1.9 2006 vintage, 24 oz bottle. Pours hazy orangish color with white head. Aroma vanilla and nothing else, same with the taste, alcohol warming with dry finish. I am glad I got two snifter in the gift set.
1.9 Bottle...or suppository...you be the judge. This one poured a crimson-orange color with a off white head. The alluring aroma of circus peanuts hits when I realize...it’s not JSUT orange marshmallow circus peanuts...but as if someone doused the dreaded things in vanilla extract! The flavor also holds simliar elements: vanilla extract coupled with Splenda malts and other artifical flavors...and wood chips. Soft mouthfeel...somewhat creamy mid-way with a terrific medicinal finish. Oddly enough it tastes very similar to that awful Winter Cask stuff that AB also does. Honestly, I’d rather just drink a bud-light if I had to choose. For those counting...this was #500
2.6 Chestnut colored with almost no head. Aroma definitely has vanilla, but I cannot smell much else. Taste is like a flat cream soda, and alcohol is not particularly apparent. I wanted to like this product despite it rating and pedigree. Not worth the $10/24oz, but I did it for science.

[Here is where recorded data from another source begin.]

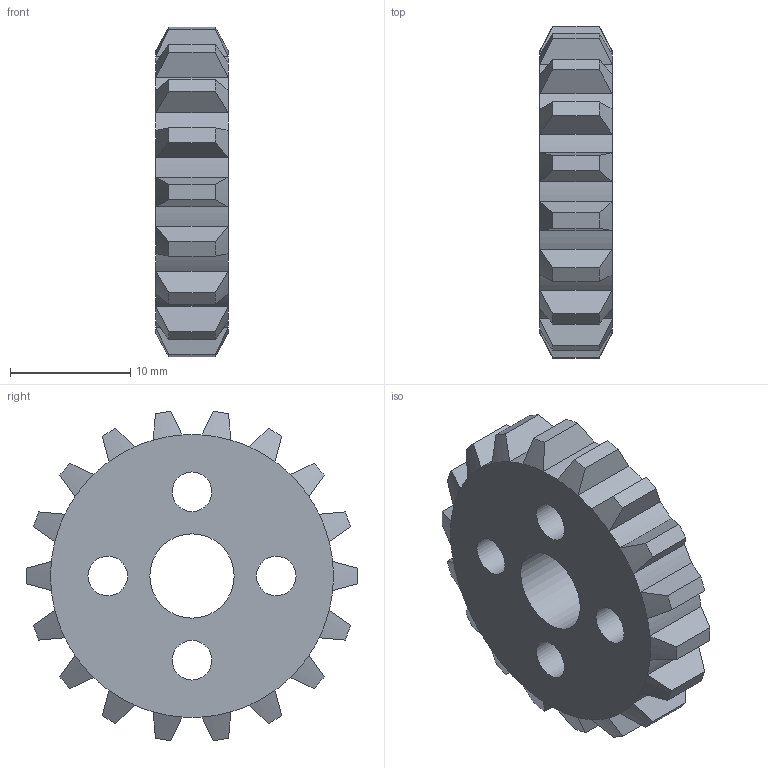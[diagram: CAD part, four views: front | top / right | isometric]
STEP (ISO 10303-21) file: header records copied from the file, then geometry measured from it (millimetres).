
FILE_DESCRIPTION(/* description */ ('','CAx-IF Rec.Pracs.---Representation and Presentation of Product Manufacturing Information (PMI)---4.0---2014-10-13'),/* implementation_level */ '2;1');
FILE_NAME(/* name */ 'Gripper_Gear.stp',/* time_stamp */ '2026-02-01T17:06:42+03:00',/* author */ ('Dmitry'),/* organization */ (''),/* preprocessor_version */ 'ST-DEVELOPER v19.2',/* originating_system */ 'Autodesk Inventor 2024',/* authorisation */ '');
FILE_SCHEMA (('AP242_MANAGED_MODEL_BASED_3D_ENGINEERING_MIM_LF { 1 0 10303 442 1 1 4 }'));
Length unit declared in the file: millimetre
Products named in the file (1): Gripper_Gear
Bounding box: 6 x 27.6 x 27.41 mm (x, y, z)
Volume: 2255.5 mm3; surface area: 2004.2 mm2
Topology: 1 solids, 1 shells, 127 faces, 287 edges, 166 vertices
Faces by surface type: plane 60, cone 44, cylinder 23
Full cylindrical faces by diameter (mm): 3.3 x4, 7 x1
Entity records: 3629 total; most frequent: CARTESIAN_POINT 747, DIRECTION 633, ORIENTED_EDGE 574, EDGE_CURVE 287, AXIS2_PLACEMENT_3D 274, VERTEX_POINT 166, EDGE_LOOP 141, CIRCLE 133

2.8 Gift set. The same thing as the chocolate one except vanilla. Aroma and flavor was strictly vanilla. Nothing special.
3.5 2006 x-mas set...red amber no head present...smells heavy syrupy, very mild oak muddled...instant sweetness, vanilla present...6.5 for flavor would be ideal but I can’t give this a half score so i went ahead with the 7...well done Michelob, well done, an unexpected delight...easy going for the 10% that it is, although the finish is very tainted with pure alcohol
0.7 Ick, tastes like shitty cough syrup. Had this one year, then another, it really sucks. Alcohol taste to strng, vanilla, not so, well, vanilla. This does not deserve the rating it has. People just think they are getting a luxury product and rate accordingly. The power of marketing amazes me.

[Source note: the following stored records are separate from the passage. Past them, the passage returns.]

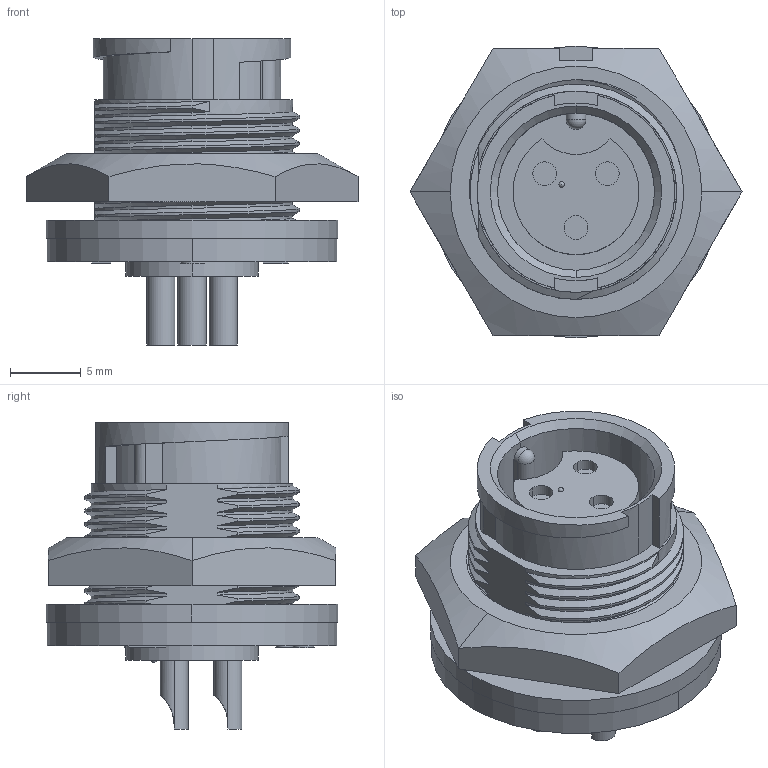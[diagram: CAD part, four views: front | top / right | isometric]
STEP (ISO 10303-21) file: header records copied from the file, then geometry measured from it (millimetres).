
FILE_DESCRIPTION (( 'STEP AP203' ), '1' );
FILE_NAME ('7282-3SG-300.STEP', '2013-04-12T20:45:45', ( '21FPBF1' ), ( 'Conxall' ), 'SwSTEP 2.0', 'SolidWorks 2012', '' );
FILE_SCHEMA (( 'CONFIG_CONTROL_DESIGN' ));
Length unit declared in the file: inch
Products named in the file (1): 7282-3SG-300
Bounding box: 23.46 x 20.62 x 21.64 mm (x, y, z)
Volume: 3186.9 mm3; surface area: 3056.5 mm2
Topology: 2 solids, 2 shells, 214 faces, 577 edges, 381 vertices
Faces by surface type: cylinder 84, plane 70, bspline 53, cone 4, sphere 3
Entity records: 14161 total; most frequent: CARTESIAN_POINT 9389, ORIENTED_EDGE 1142, DIRECTION 746, EDGE_CURVE 571, VERTEX_POINT 378, LINE 268, VECTOR 268, AXIS2_PLACEMENT_3D 239

3.1 Bottle (Thanks John, you ass): The bottle appears to be shaped like a suppository and quickly earns the name Anal Bombshell. The beer pours a bloody stool color, with a white head. It smells of an assy sweetness, some alcohol, and some brown malts. The delicate flavors of vanilla extract, oak tree excrement, stale assy malts, and wood chips, it’s as if the brewer used an oak funnel to pour this into his own ass before bottling by shoving the bottle up there. In the end it really wasn’t that bad, but it just tasted like a fake oak aged beer. Too much vanilla extract, and you could tell it was oak chips, not the real thing.